Cam Newton has the mobility. Ryan Mallett has the arm. Blaine Gabbert has the size. Jake Locker has the grit. Jerrod Johnson makes a Pop Warner quarterback think he could succeed as a college quarterback.

What if I told you there's a quarterback who could wind up being better than all of them?

From the great state of Idaho that brings you potatoes and, uh, potatoes, comes University of Idaho Vandal quarterback Nathan Enderle. Those who choose to just look at statistics may write him off, but upon further inspection, there is a lot to like.

No one can deny he has the build to play in the NFL. At the East/West Shrine Game, he checked in at a 6'4" 243 lbs. His arms are short too, just 31 inches, to ensure a quick windup. This size also makes him a handful to be taken down to the ground. He isn't the next Ben Roethlisberger, but there have been times when Enderle has been able to shake off the defender and keep the play alive.

Enderle has the ability to make every throw. He has the arm, able to flick the ball 50 yards while on the move. He offers good velocity on his passes as well. It's not all about arm strength for Enderle. He also shows the ability to put touch on his passes, throwing on-target fade routes against Louisiana Tech and Bosie State. Enderle shows good touch down the seam and can hit receivers outside of the hashmarks.

Don't let his low completion percentage fool you. Overall, he's an accurate passer. The Vandal is also a tough competitor. He will stand tall in the pocket and is willing to make a throw at the expense of his body, which is a good thing considering the sorry state of an offensive line he played behind in 2010.

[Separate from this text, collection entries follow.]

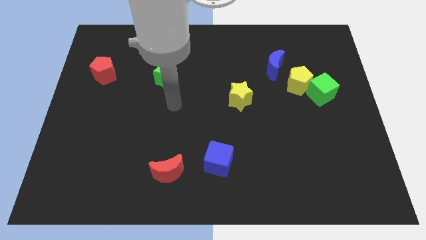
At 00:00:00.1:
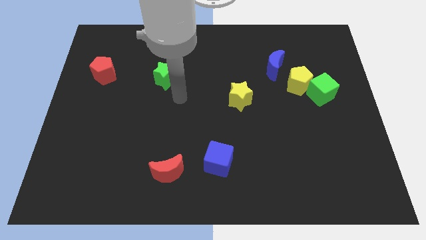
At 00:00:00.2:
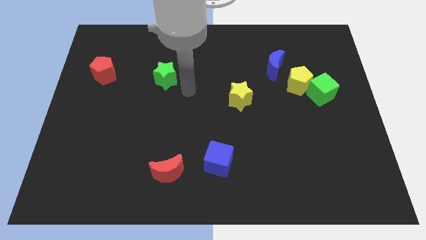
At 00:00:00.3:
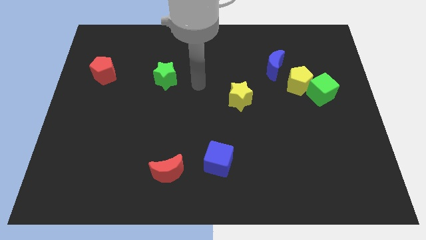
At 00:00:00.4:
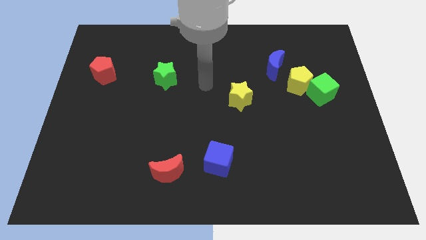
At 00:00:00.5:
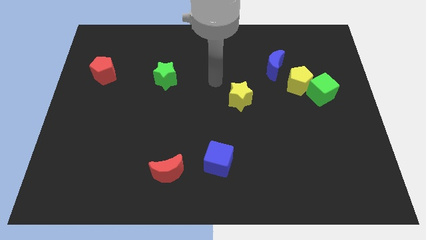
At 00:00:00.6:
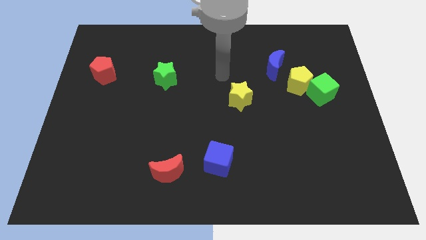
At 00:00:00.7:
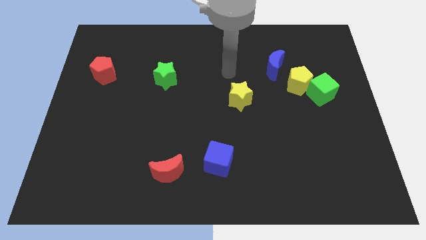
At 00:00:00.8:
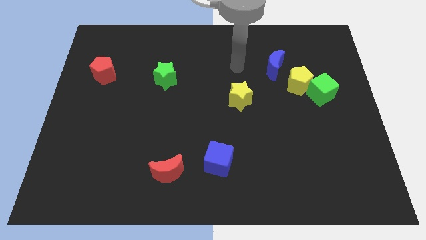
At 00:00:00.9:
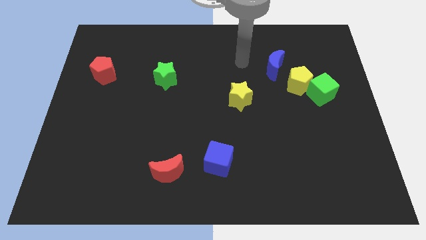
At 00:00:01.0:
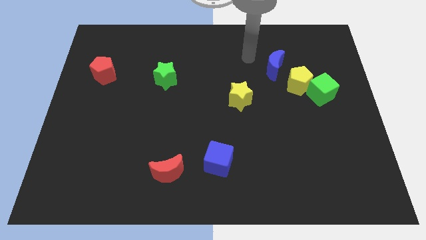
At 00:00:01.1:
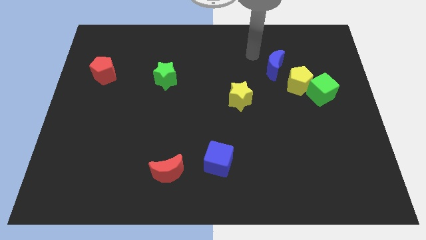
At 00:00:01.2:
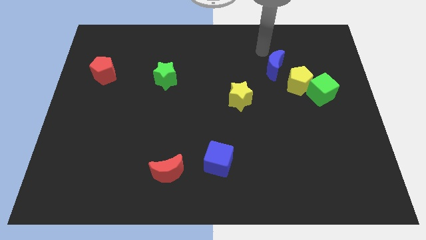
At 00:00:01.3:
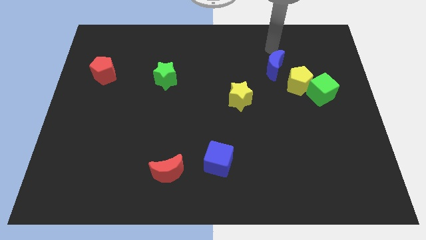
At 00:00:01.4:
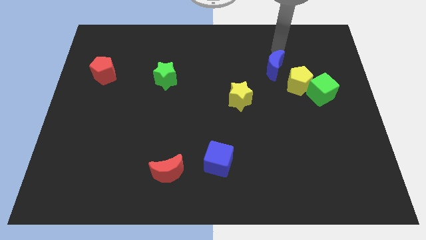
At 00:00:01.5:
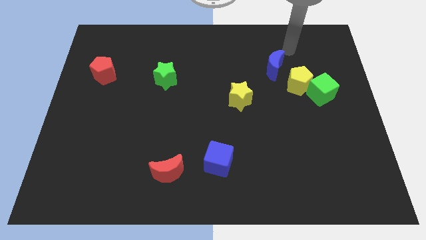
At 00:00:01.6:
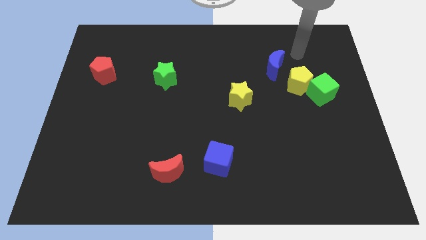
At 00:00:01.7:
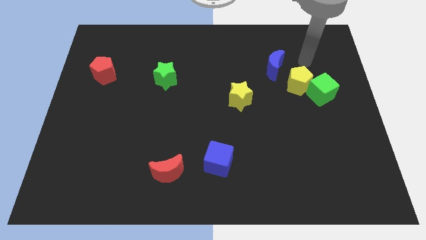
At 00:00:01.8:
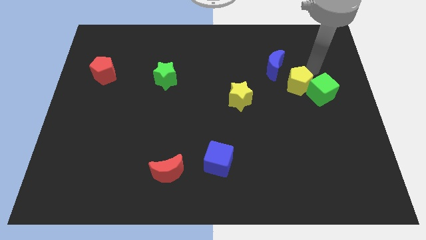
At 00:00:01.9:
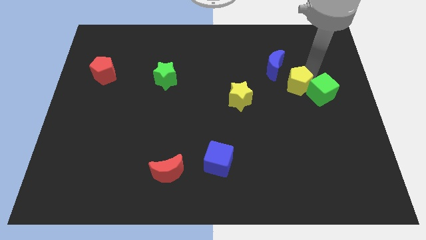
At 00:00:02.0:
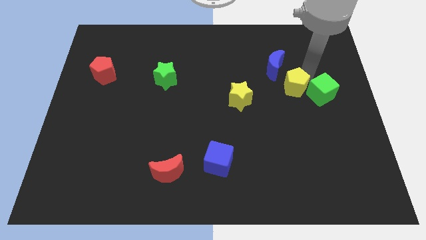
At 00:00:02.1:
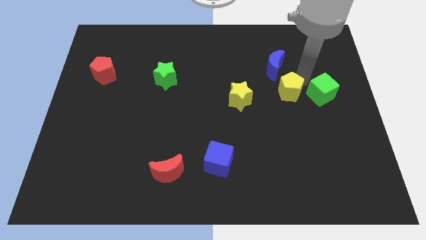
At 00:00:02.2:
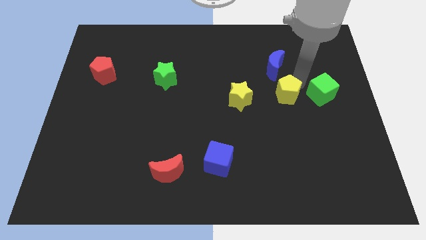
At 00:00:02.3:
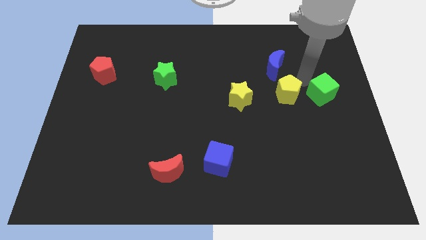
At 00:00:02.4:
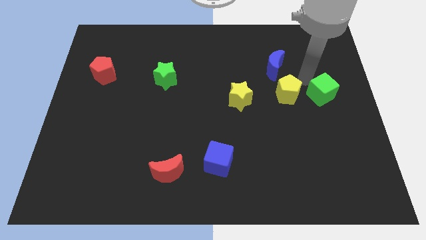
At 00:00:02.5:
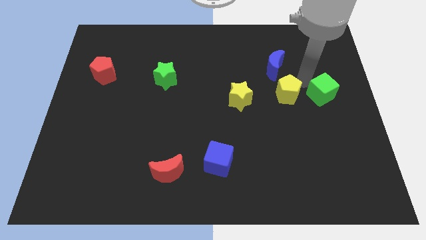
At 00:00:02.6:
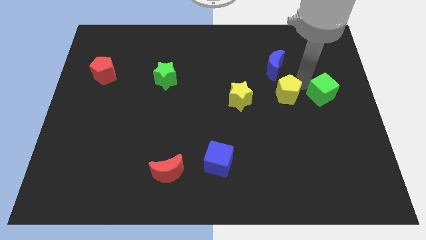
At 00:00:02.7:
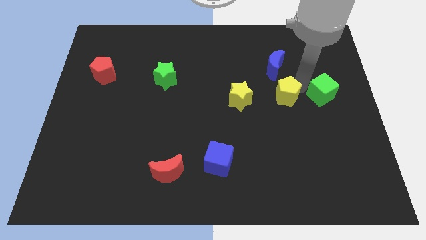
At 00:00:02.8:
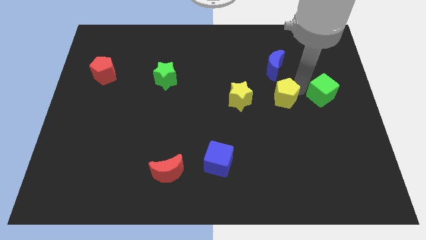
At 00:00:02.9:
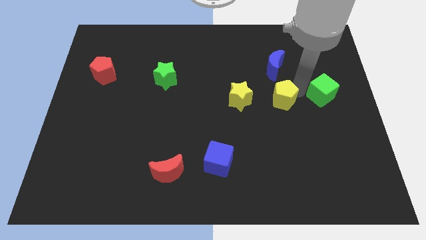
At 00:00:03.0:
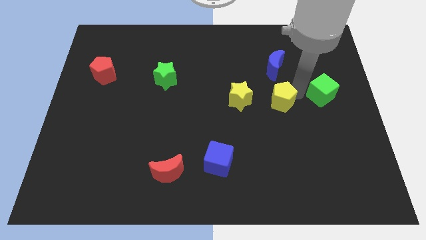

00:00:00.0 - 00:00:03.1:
slightly slide the yellow pentagon diagonally downwards and to the left

Idaho was not able to recover from losing one of its best offensive lineman in recent history, Mike Iupati. Enderle was under constant duress. The underrated quarterback has played in the East/West Shrine game and will be participating in the NFLPA game, formerly known as Texas vs. The Nation. He's letting scouts have an opportunity to watch him.

Mentally, Enderle shows encouraging signs. He is a bit of a gunslinger, as the interception numbers suggest, and will get tunnel vision. However, he was given permission to audible and frequently did so, showing his ability to read a defense. He's willing to check down when nothing downfield is available and goes through his progressions. He feels the rush well and can step up or sidestep to buy time. There are times when he breaks down and starts to pat the ball, but it isn't a major concern.

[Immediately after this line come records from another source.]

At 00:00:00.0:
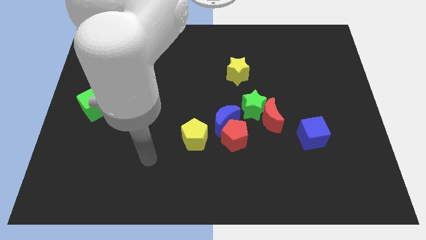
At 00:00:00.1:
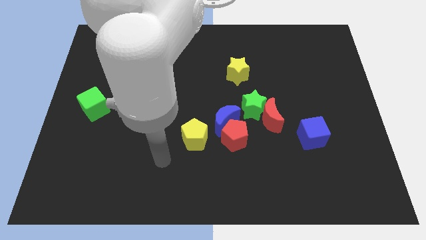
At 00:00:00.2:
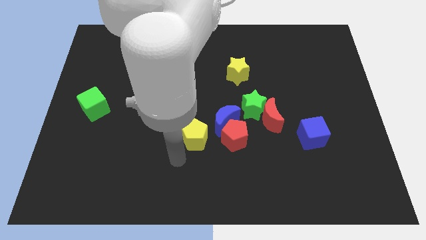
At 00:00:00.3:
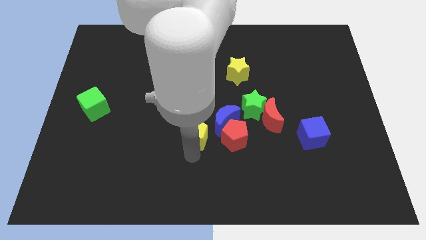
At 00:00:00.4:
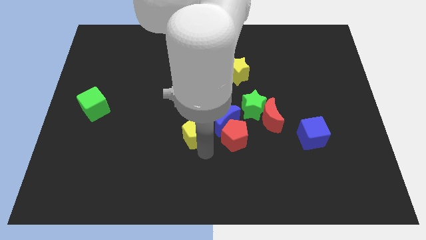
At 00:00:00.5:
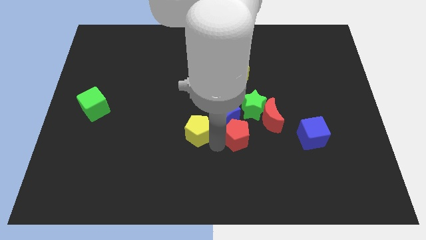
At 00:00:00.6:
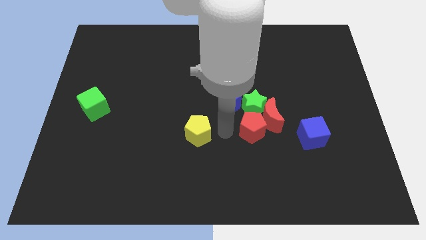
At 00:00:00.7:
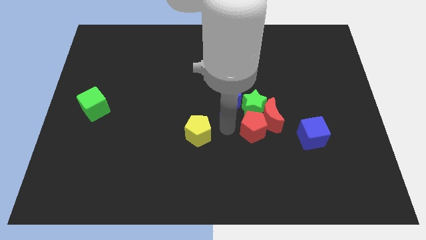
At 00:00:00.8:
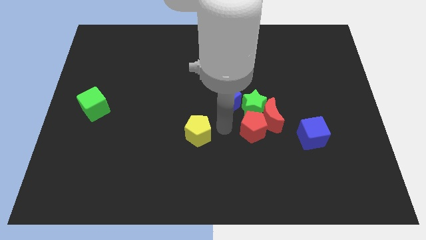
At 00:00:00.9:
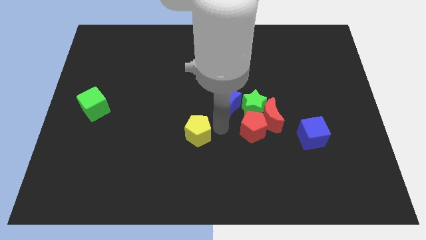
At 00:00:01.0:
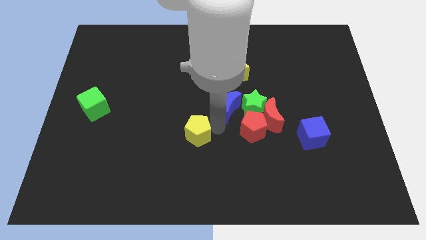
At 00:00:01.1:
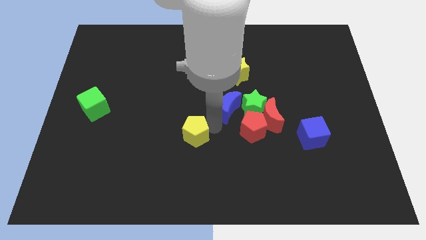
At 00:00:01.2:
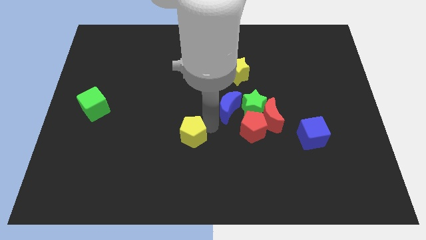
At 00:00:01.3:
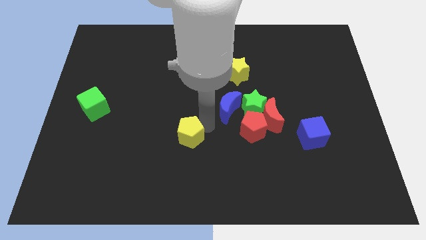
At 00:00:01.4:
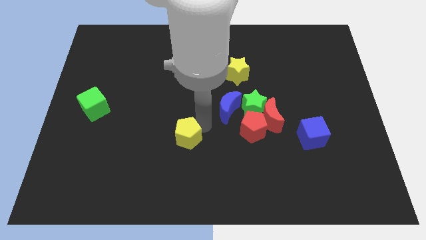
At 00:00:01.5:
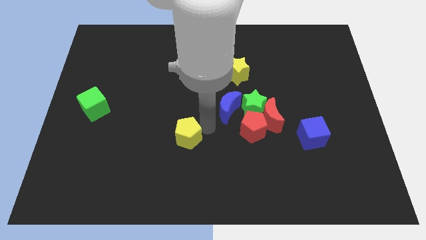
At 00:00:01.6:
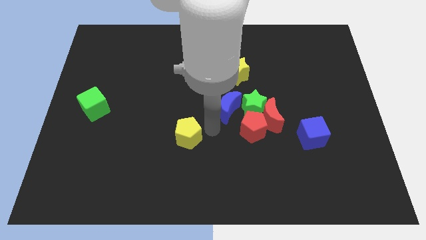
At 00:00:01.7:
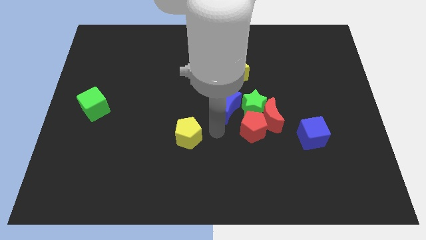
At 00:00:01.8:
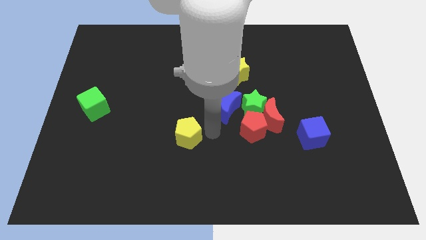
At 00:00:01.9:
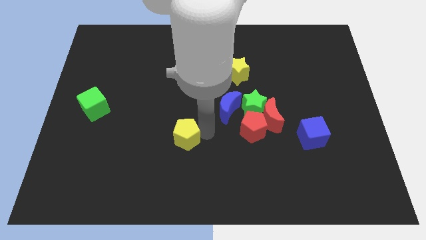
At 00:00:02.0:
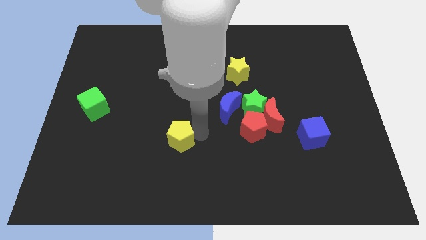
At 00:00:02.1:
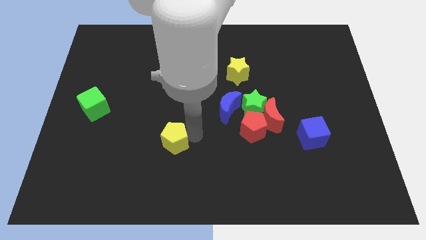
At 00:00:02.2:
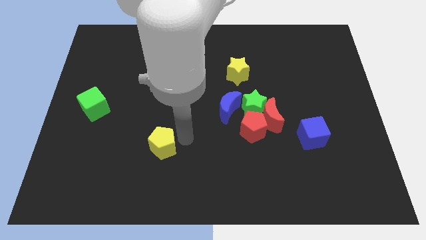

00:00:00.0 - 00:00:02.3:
push the yellow pentagon slightly to the left

Idaho runs a pro style offense, meaning Enderle was often under center and has experience reading defenses while dropping back. His offensive coordinator and quarterbacks coach was Steve Axman, who has over 30 years of coaching experience. Idaho offered little in the run game, averaging just 88 yards per game, putting the bulk of the offense on the shoulders of Enderle. Receivers dropped countless passes and because of their large size, most being 6'3" or taller, they struggled to get consistent separation.

Perhaps just as important, Enderle helped lead Idaho out of the college football basement. They were a laughingstock of a football program struggling to even defeat FCS schools. Starting as a freshman, Enderle had to deal with a lot of hardship and a lot of losing. They won just three games in the first two years. He and head coach Robb Akey did not give up. In 2009, the Vandals won eight games with the last coming in a wild bowl victory over Bowling Green. Enderle threw the game-winning TD pass and two point conversion to lead Idaho past Bowling Green, 43-42.

The team took a step back in 2010, failing to earn a bowl berth but still winning six games. Enderle and the rest of the senior class finished their career with an overtime victory over San Jose State, capped by a 20-yard touchdown pass from Enderle to wide receiver Eric Greenwood to win the game.

There are more popular and flashier names than the relatively unknown quarterback from Idaho, but he has all the tools needed to succeed as a quarterback. Idaho won't be known for just potatoes much longer. They'll be known for a great quarterback.